Personal information
- Full name: Neville John Miller
- Born: 29 September 1951 (age 74)
- Original team: Wagga Wagga
- Height: 187 cm (6 ft 2 in)
- Weight: 86 kg (190 lb)
- Position: Forward

Playing career^{1}
- Years: Club / Games (Goals)
- 1970–1972: South Melbourne / 28 (24)
- ^{1} Playing statistics correct to the end of 1972.

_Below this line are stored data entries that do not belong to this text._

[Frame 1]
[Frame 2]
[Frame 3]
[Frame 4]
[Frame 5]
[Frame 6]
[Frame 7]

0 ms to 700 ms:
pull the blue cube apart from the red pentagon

= Neville Miller (footballer) =

Australian rules footballer

Neville John Miller (born 29 September 1951) is a former Australian rules footballer who played with South Melbourne in the Victorian Football League (VFL).

==Career==
Miller, a forward, was recruited to South Melbourne from Wagga Wagga and began his career in the 1970 VFL season, under coach Norm Smith. On debut against Collingwood in round 11, Miller went off injured in the first quarter with a gashed knee, which required 23 stitches. He finished the season with six appearances. In 1971 he played 12 games, including a hoodoo breaking win over Essendon at Windy Hill, in which he contributed a career best five goals. It was the first time South Melbourne had beaten Essendon at their home ground since 1954. He played one further season for South Melbourne, with 10 appearances in 1972.

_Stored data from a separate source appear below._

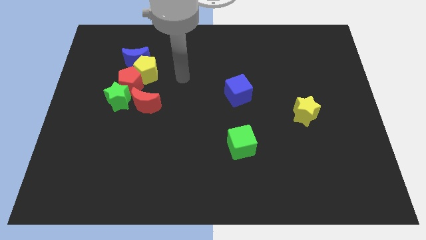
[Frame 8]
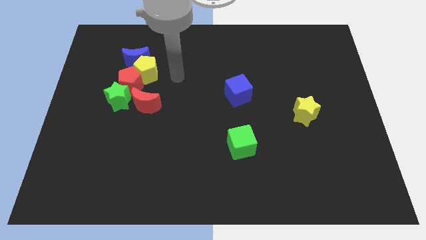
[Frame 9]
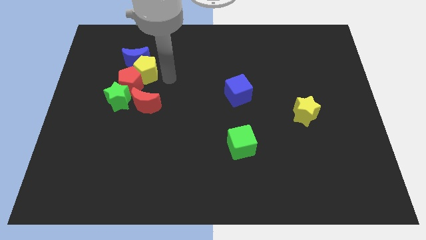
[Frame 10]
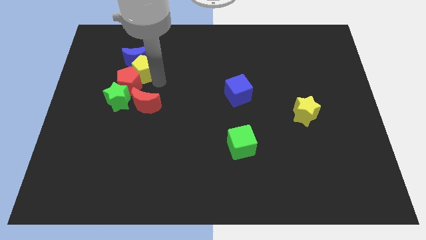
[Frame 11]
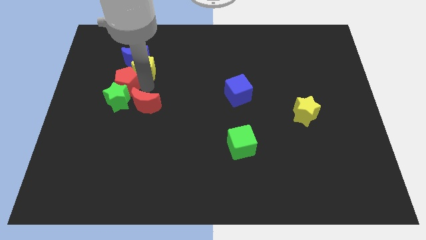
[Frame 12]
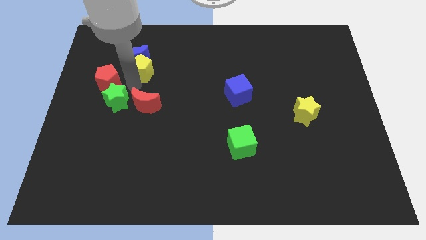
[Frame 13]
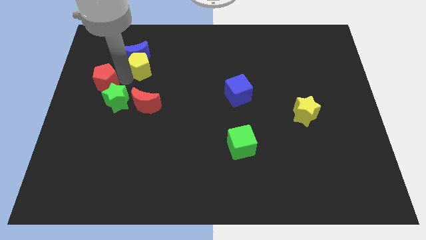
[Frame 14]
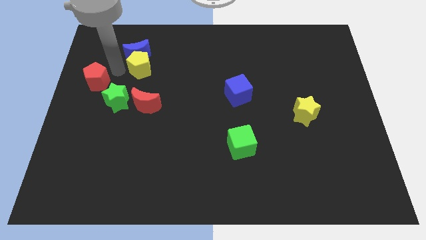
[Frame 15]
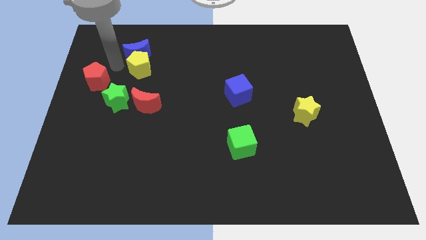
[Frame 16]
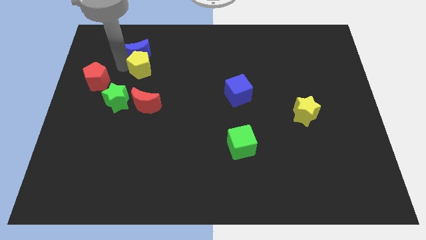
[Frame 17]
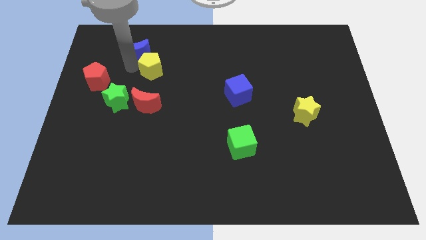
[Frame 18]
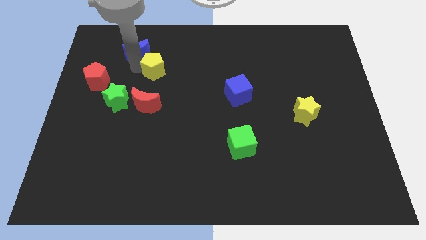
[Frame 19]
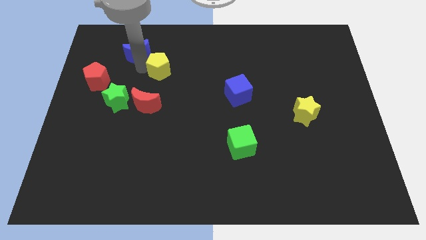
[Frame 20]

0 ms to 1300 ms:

In 1973 he left South Melbourne to play for West Adelaide in the South Australian National Football League. Following his stint with West Adelaide, Miller played in Tasmania for six years with Sandy Bay and was a member of three premiership teams. During the 1980s he moved to Queensland where he played for Mt Gravatt and has since had a long coaching career in the state. He now coaches the Mayne reserves.

==Personal life==
Miller is the father of former Melbourne and Richmond footballer Brad Miller.